Investment Strategies / Falling Knives
Unthreaded | Threaded | Whole Thread (3) |
Post New
Author: WatchingTheHerd HONORARY
SHREWD
  😊 😞

Number: of 230 
Subject: 3 Minute Page Loads
Date: 04/18/2024 4:32 PM
Post Reply | Report Post | Recommend It!
No. of Recommendations: 10
Hi Manlobbi:

On 4/18/2024 at 4:00pm EDT, I noticed a problem which seems to recur not unfrequently on the site. It was experiencing similar systems earlier in the day as well.

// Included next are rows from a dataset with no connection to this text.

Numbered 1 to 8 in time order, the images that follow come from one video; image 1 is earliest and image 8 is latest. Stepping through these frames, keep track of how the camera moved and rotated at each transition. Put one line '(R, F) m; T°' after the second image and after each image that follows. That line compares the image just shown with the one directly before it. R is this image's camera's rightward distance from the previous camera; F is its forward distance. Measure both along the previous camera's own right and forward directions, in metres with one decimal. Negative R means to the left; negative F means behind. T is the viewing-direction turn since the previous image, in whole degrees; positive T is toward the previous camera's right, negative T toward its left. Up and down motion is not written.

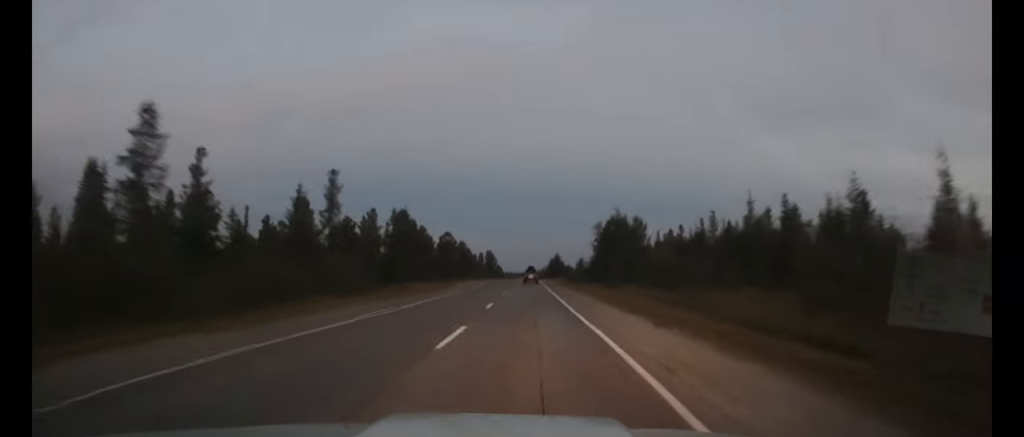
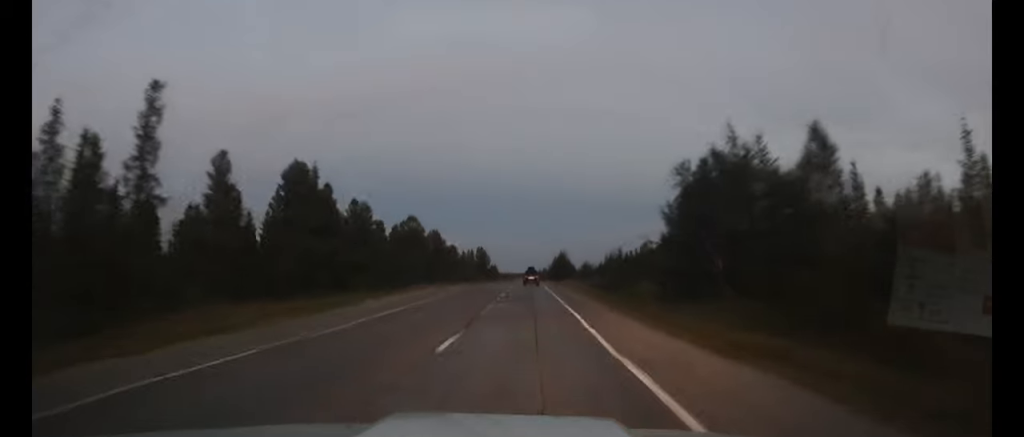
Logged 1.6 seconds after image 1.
(0.0, +36.5) m; 0°
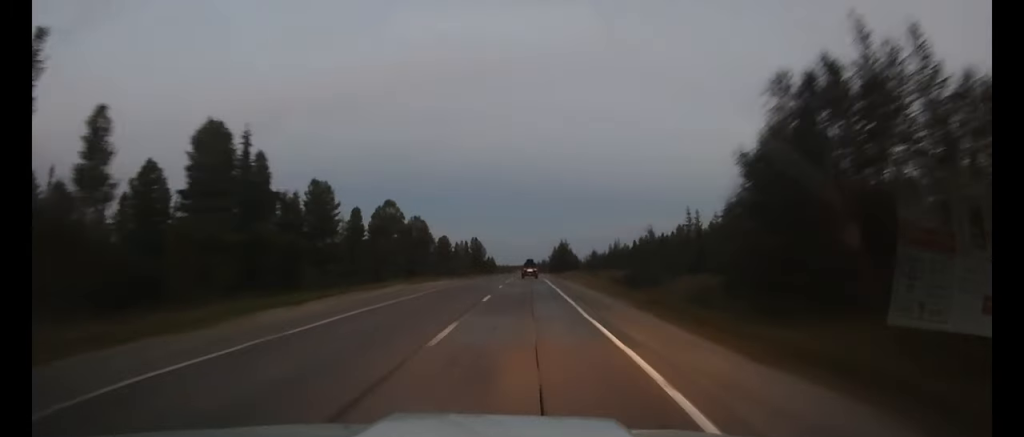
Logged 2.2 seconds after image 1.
(0.0, +12.6) m; 0°
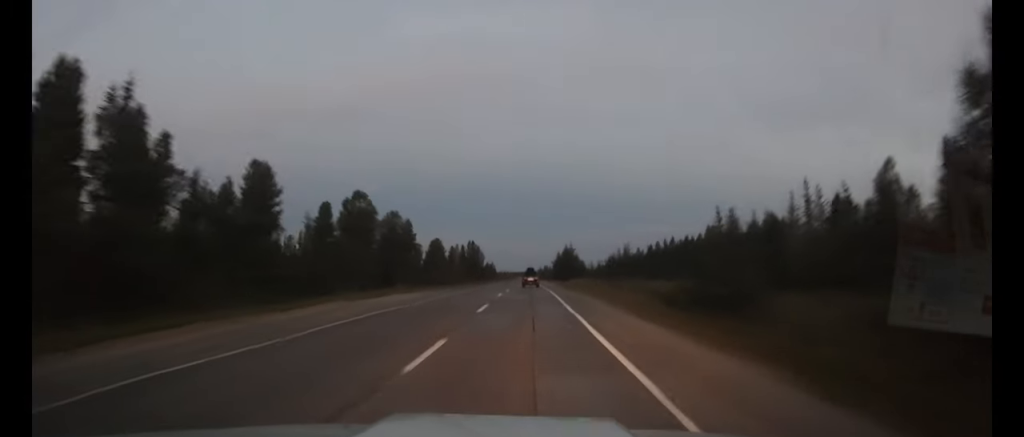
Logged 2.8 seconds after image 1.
(0.0, +14.1) m; 0°
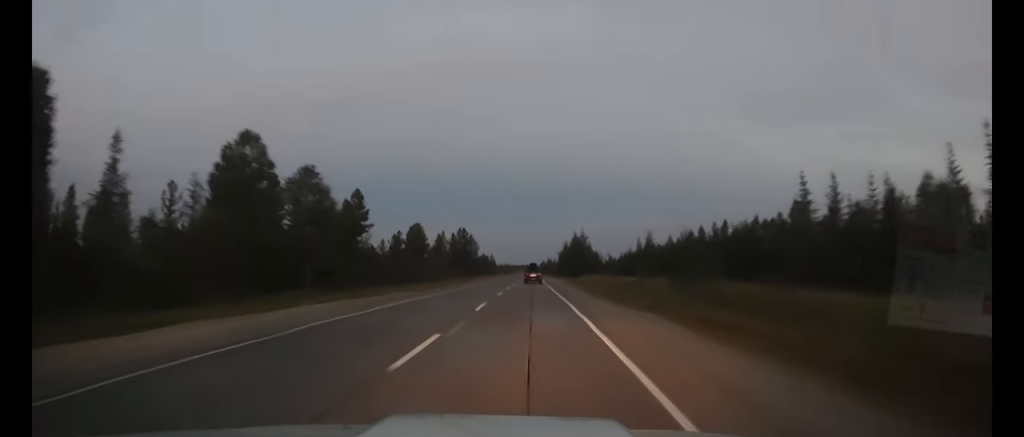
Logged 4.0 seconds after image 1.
(0.0, +25.5) m; 0°
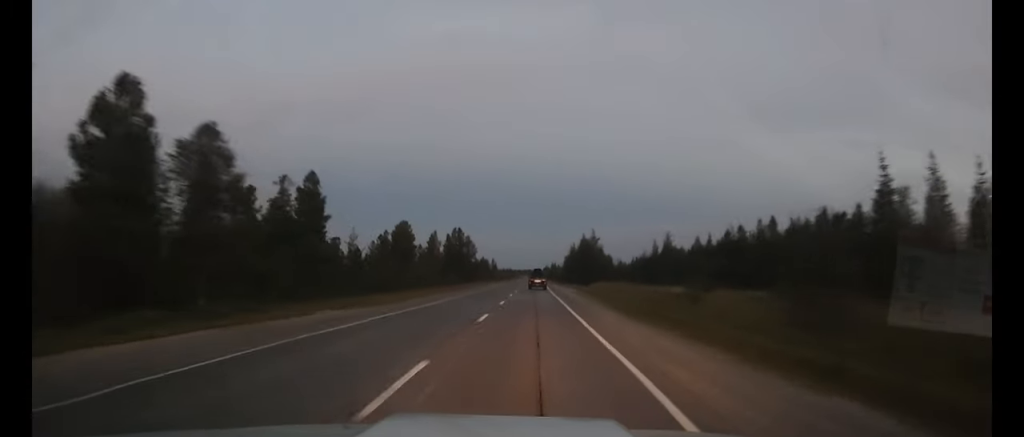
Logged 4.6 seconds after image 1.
(0.0, +13.7) m; 0°
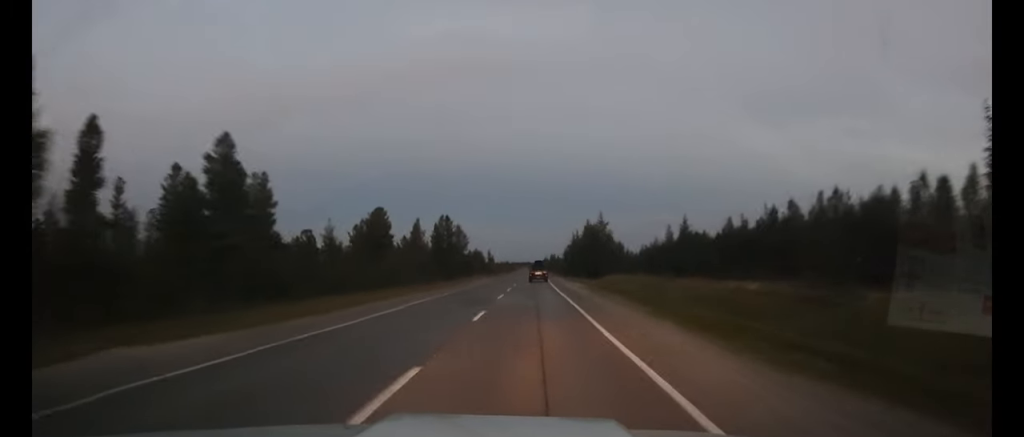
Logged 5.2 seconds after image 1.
(0.0, +13.7) m; 0°
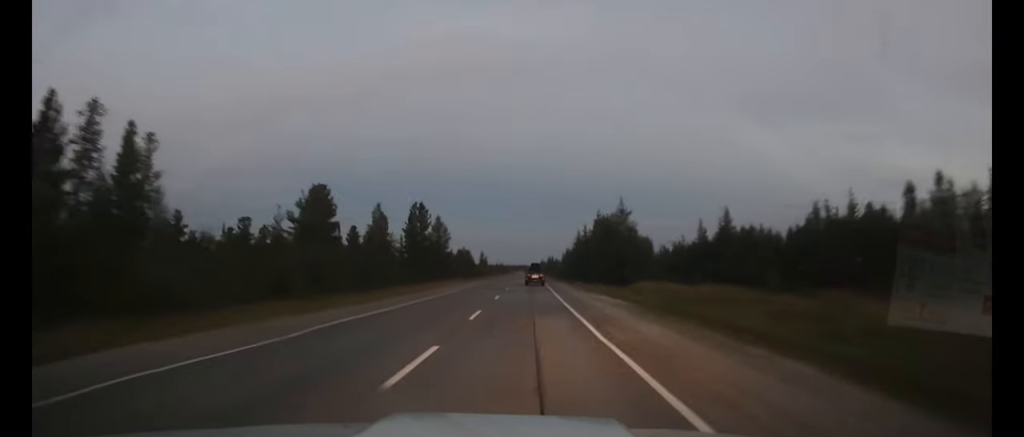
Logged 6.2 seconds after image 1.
(0.0, +21.5) m; 0°
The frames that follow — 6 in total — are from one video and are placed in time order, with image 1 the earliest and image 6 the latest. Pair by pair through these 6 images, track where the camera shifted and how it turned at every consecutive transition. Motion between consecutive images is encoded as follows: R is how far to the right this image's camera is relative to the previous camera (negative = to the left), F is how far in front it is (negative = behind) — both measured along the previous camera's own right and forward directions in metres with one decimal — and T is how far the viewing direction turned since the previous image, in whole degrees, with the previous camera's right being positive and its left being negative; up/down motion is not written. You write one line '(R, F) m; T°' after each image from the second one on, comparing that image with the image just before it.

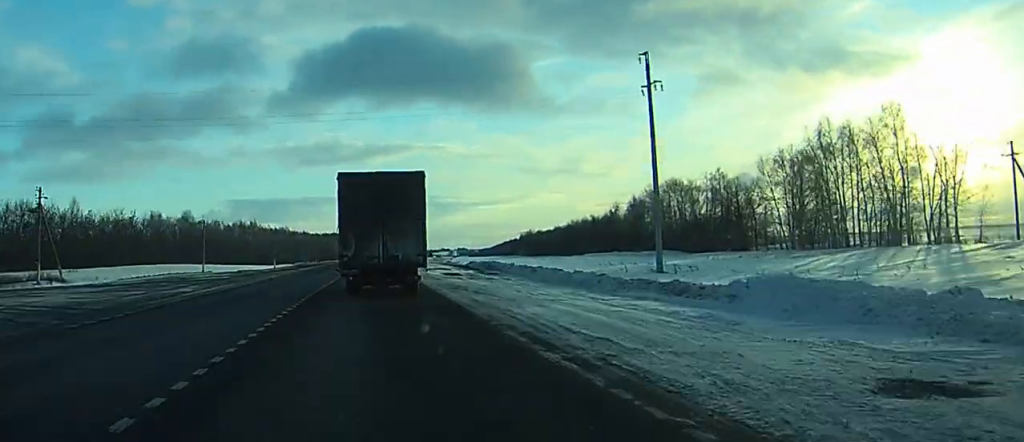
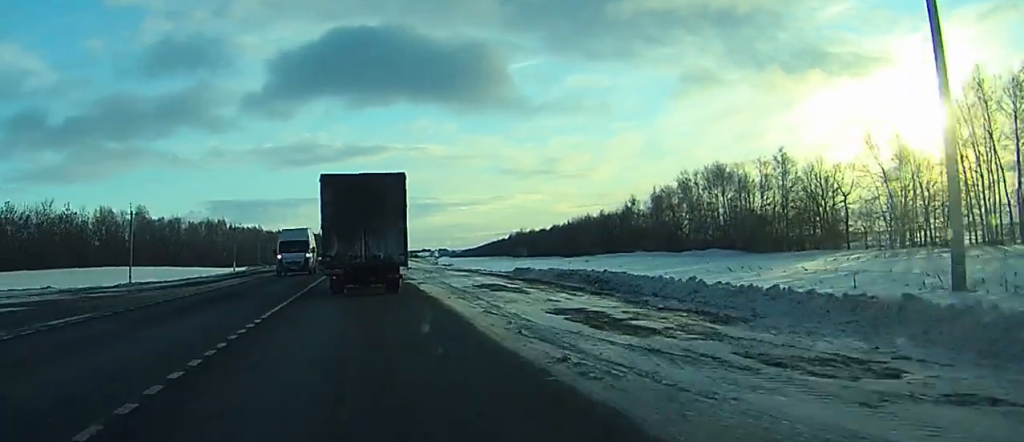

Clicks to view pages were taking extremely long times to load. So long I sat down with a stopwatch to time them. Pages were taking consistently 3 minutes -- exactly -- to load. Then at about 4:09pm one page took 2:14 seconds to display a lower level web server error stating a downstream process was unavailable, at which point any clicks since then have been the normal BLAZING fast.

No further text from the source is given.